Stored data
__________________________________________________
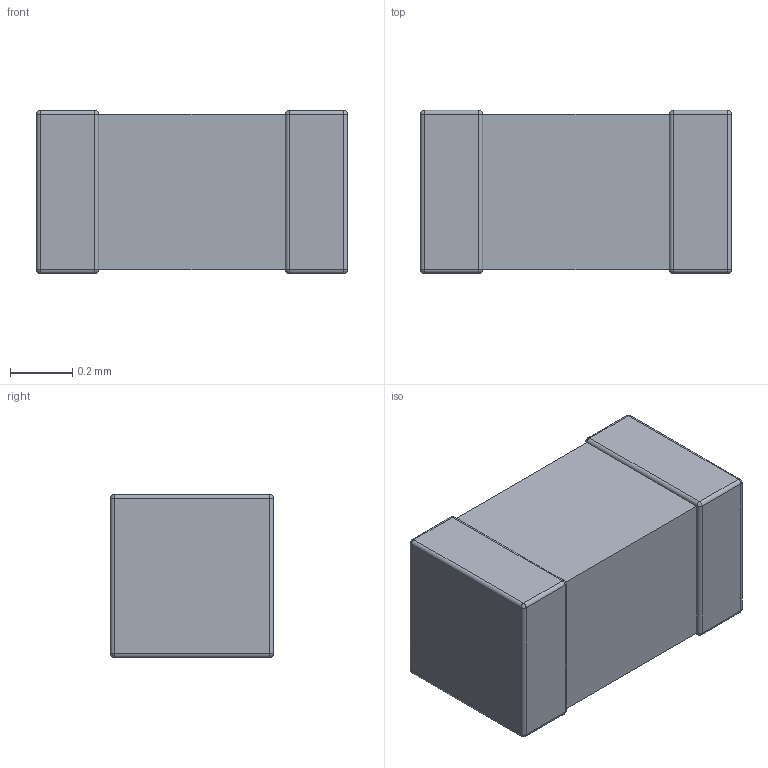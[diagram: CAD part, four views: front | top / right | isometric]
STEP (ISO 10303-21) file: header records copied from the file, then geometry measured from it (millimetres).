
FILE_DESCRIPTION (( 'STEP AP214' ), '1' );
FILE_NAME ('NTC 0402.STEP', '2016-07-17T08:02:00', ( '' ), ( '' ), 'SwSTEP 2.0', 'SolidWorks 2015', '' );
FILE_SCHEMA (( 'AUTOMOTIVE_DESIGN' ));
Length unit declared in the file: millimetre
Products named in the file (1): NTC 0402
Bounding box: 1 x 0.52 x 0.52 mm (x, y, z)
Volume: 0.3 mm3; surface area: 2.6 mm2
Topology: 1 solids, 1 shells, 54 faces, 116 edges, 48 vertices
Faces by surface type: cylinder 24, bspline 16, plane 14
Entity records: 2088 total; most frequent: CARTESIAN_POINT 443, DIRECTION 226, ORIENTED_EDGE 200, EDGE_CURVE 100, AXIS2_PLACEMENT_3D 87, UNCERTAINTY_MEASURE_WITH_UNIT 57, FILL_AREA_STYLE 56, SURFACE_STYLE_FILL_AREA 56
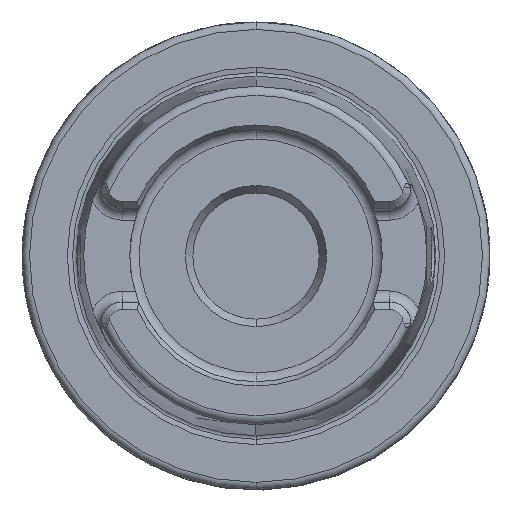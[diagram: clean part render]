
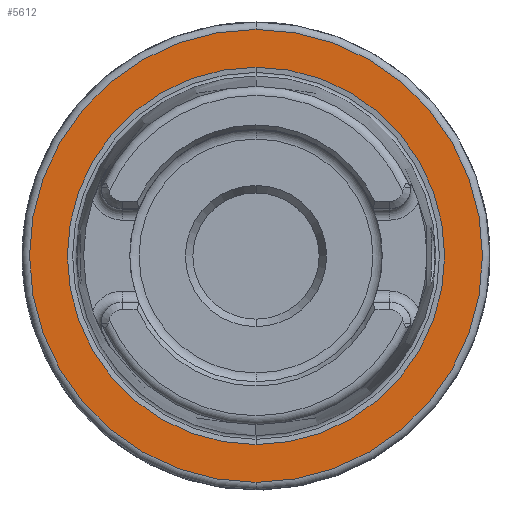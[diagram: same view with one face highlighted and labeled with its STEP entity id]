
A CAD part, top view. The second image highlights one B-rep face of the part: STEP entity #5612.
In plain terms, the highlighted planar face has unit normal (0, 0, 1).
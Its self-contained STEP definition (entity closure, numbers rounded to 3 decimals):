
#1264=CARTESIAN_POINT('',(0,0,26));
#1265=DIRECTION('',(0,0,-1));
#1266=DIRECTION('',(0,1,0));
#1267=AXIS2_PLACEMENT_3D('',#1264,#1265,#1266);
#1277=CARTESIAN_POINT('',(0,0,26));
#1278=DIRECTION('',(0,0,1));
#1279=DIRECTION('',(0,1,0));
#1280=AXIS2_PLACEMENT_3D('',#1277,#1278,#1279);
#1282=CARTESIAN_POINT('',(0,0,26));
#1283=DIRECTION('',(0,0,1));
#1284=DIRECTION('',(0,1,0));
#1285=AXIS2_PLACEMENT_3D('',#1282,#1283,#1284);
#1287=CARTESIAN_POINT('',(0,0,26));
#1288=DIRECTION('',(0,0,1));
#1289=DIRECTION('',(0,-1,0));
#1290=AXIS2_PLACEMENT_3D('',#1287,#1288,#1289);
#3637=CARTESIAN_POINT('',(0,25.409,26));
#3639=VERTEX_POINT('',#3637);
#3673=CARTESIAN_POINT('',(0,-25.409,26));
#3675=VERTEX_POINT('',#3673);
#3739=CARTESIAN_POINT('',(0,30.5,26));
#3740=CARTESIAN_POINT('',(0,-30.5,26));
#3741=VERTEX_POINT('',#3739);
#3742=VERTEX_POINT('',#3740);
#5597=CARTESIAN_POINT('',(0,0,26));
#5598=DIRECTION('',(0,0,-1));
#5599=DIRECTION('',(0,-1,0));
#5600=AXIS2_PLACEMENT_3D('',#5597,#5598,#5599);
#5601=PLANE('',#5600);
#5603=ORIENTED_EDGE('',*,*,#5602,.F.);
#5605=ORIENTED_EDGE('',*,*,#5604,.F.);
#5606=EDGE_LOOP('',(#5603,#5605));
#5607=FACE_OUTER_BOUND('',#5606,.F.);
#5608=ORIENTED_EDGE('',*,*,#5592,.T.);
#5609=ORIENTED_EDGE('',*,*,#5576,.F.);
#5610=EDGE_LOOP('',(#5608,#5609));
#5611=FACE_BOUND('',#5610,.F.);
#5612=ADVANCED_FACE('',(#5607,#5611),#5601,.F.);
#1268=CIRCLE('',#1267,25.409);
#1281=CIRCLE('',#1280,25.409);
#1286=CIRCLE('',#1285,30.5);
#1291=CIRCLE('',#1290,30.5);
#5576=EDGE_CURVE('',#3639,#3675,#1268,.T.);
#5592=EDGE_CURVE('',#3639,#3675,#1281,.T.);
#5602=EDGE_CURVE('',#3741,#3742,#1286,.T.);
#5604=EDGE_CURVE('',#3742,#3741,#1291,.T.);
__________________________________________________
## [Task requirements]
Write the records above out again word for word, skipping each picture.

## [Response area]
[diagram: CAD part, four views: front | top / right | isometric]
STEP (ISO 10303-21) file: header records copied from the file, then geometry measured from it (millimetres).
FILE_DESCRIPTION (( 'STEP AP214' ), '1' );
FILE_NAME ('NTC 0402.STEP', '2016-07-17T08:02:00', ( '' ), ( '' ), 'SwSTEP 2.0', 'SolidWorks 2015', '' );
FILE_SCHEMA (( 'AUTOMOTIVE_DESIGN' ));
Length unit declared in the file: millimetre
Products named in the file (1): NTC 0402
Bounding box: 1 x 0.52 x 0.52 mm (x, y, z)
Volume: 0.3 mm3; surface area: 2.6 mm2
Topology: 1 solids, 1 shells, 54 faces, 116 edges, 48 vertices
Faces by surface type: cylinder 24, bspline 16, plane 14
Entity records: 2088 total; most frequent: CARTESIAN_POINT 443, DIRECTION 226, ORIENTED_EDGE 200, EDGE_CURVE 100, AXIS2_PLACEMENT_3D 87, UNCERTAINTY_MEASURE_WITH_UNIT 57, FILL_AREA_STYLE 56, SURFACE_STYLE_FILL_AREA 56
[diagram: clean part render]
[diagram: same view with one face highlighted and labeled with its STEP entity id]
A CAD part, top view. The second image highlights one B-rep face of the part: STEP entity #5612.
In plain terms, the highlighted planar face has unit normal (0, 0, 1).
Its self-contained STEP definition (entity closure, numbers rounded to 3 decimals):
#1264=CARTESIAN_POINT('',(0,0,26));
#1265=DIRECTION('',(0,0,-1));
#1266=DIRECTION('',(0,1,0));
#1267=AXIS2_PLACEMENT_3D('',#1264,#1265,#1266);
#1277=CARTESIAN_POINT('',(0,0,26));
#1278=DIRECTION('',(0,0,1));
#1279=DIRECTION('',(0,1,0));
#1280=AXIS2_PLACEMENT_3D('',#1277,#1278,#1279);
#1282=CARTESIAN_POINT('',(0,0,26));
#1283=DIRECTION('',(0,0,1));
#1284=DIRECTION('',(0,1,0));
#1285=AXIS2_PLACEMENT_3D('',#1282,#1283,#1284);
#1287=CARTESIAN_POINT('',(0,0,26));
#1288=DIRECTION('',(0,0,1));
#1289=DIRECTION('',(0,-1,0));
#1290=AXIS2_PLACEMENT_3D('',#1287,#1288,#1289);
#3637=CARTESIAN_POINT('',(0,25.409,26));
#3639=VERTEX_POINT('',#3637);
#3673=CARTESIAN_POINT('',(0,-25.409,26));
#3675=VERTEX_POINT('',#3673);
#3739=CARTESIAN_POINT('',(0,30.5,26));
#3740=CARTESIAN_POINT('',(0,-30.5,26));
#3741=VERTEX_POINT('',#3739);
#3742=VERTEX_POINT('',#3740);
#5597=CARTESIAN_POINT('',(0,0,26));
#5598=DIRECTION('',(0,0,-1));
#5599=DIRECTION('',(0,-1,0));
#5600=AXIS2_PLACEMENT_3D('',#5597,#5598,#5599);
#5601=PLANE('',#5600);
#5603=ORIENTED_EDGE('',*,*,#5602,.F.);
#5605=ORIENTED_EDGE('',*,*,#5604,.F.);
#5606=EDGE_LOOP('',(#5603,#5605));
#5607=FACE_OUTER_BOUND('',#5606,.F.);
#5608=ORIENTED_EDGE('',*,*,#5592,.T.);
#5609=ORIENTED_EDGE('',*,*,#5576,.F.);
#5610=EDGE_LOOP('',(#5608,#5609));
#5611=FACE_BOUND('',#5610,.F.);
#5612=ADVANCED_FACE('',(#5607,#5611),#5601,.F.);
#1268=CIRCLE('',#1267,25.409);
#1281=CIRCLE('',#1280,25.409);
#1286=CIRCLE('',#1285,30.5);
#1291=CIRCLE('',#1290,30.5);
#5576=EDGE_CURVE('',#3639,#3675,#1268,.T.);
#5592=EDGE_CURVE('',#3639,#3675,#1281,.T.);
#5602=EDGE_CURVE('',#3741,#3742,#1286,.T.);
#5604=EDGE_CURVE('',#3742,#3741,#1291,.T.);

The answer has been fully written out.